The records appear below. Set down exactly each line from the one that contains "[0,215,476,590]" through the last, both included.

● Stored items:
════════════════════

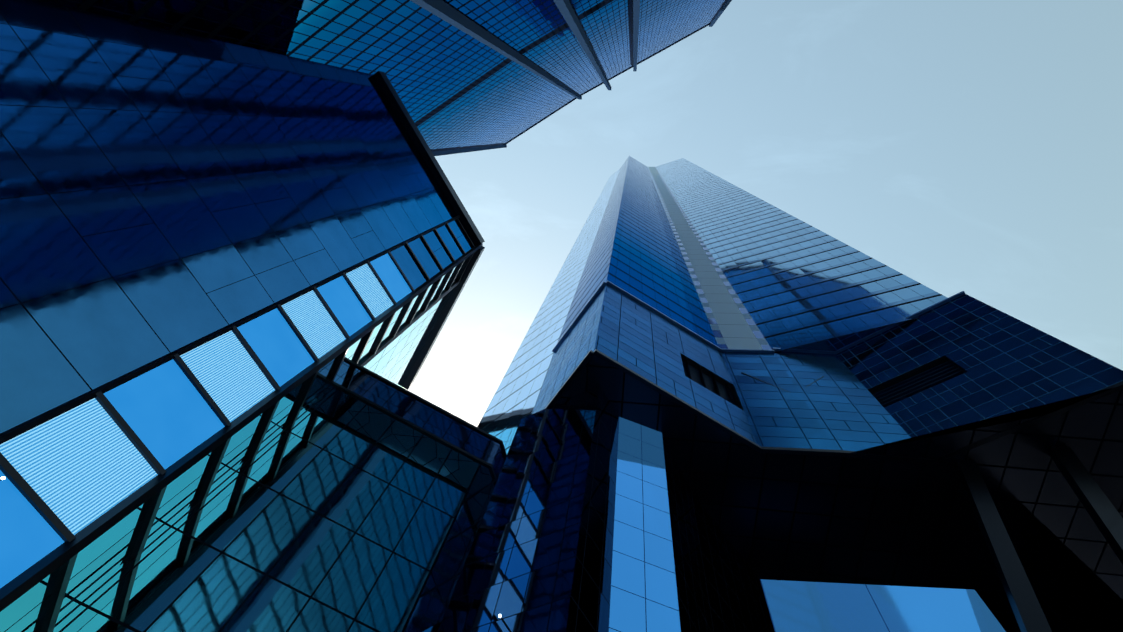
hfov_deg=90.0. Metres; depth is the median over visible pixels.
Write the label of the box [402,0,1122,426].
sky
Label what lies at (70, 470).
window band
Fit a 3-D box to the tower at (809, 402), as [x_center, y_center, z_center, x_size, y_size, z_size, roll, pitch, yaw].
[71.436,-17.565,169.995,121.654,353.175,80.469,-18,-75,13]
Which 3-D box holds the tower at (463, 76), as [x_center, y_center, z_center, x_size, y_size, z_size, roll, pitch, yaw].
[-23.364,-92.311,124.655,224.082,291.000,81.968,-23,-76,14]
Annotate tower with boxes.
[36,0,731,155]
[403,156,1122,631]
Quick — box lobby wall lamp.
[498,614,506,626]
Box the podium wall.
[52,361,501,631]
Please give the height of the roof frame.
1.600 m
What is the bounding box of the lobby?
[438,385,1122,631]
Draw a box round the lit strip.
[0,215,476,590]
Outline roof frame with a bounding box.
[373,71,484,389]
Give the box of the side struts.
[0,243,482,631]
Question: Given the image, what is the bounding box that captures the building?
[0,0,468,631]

════════════════════

● RESPONSE AREA:
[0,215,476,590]
Outline roof frame with a bounding box.
[373,71,484,389]
Give the box of the side struts.
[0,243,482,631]
Question: Given the image, what is the bounding box that captures the building?
[0,0,468,631]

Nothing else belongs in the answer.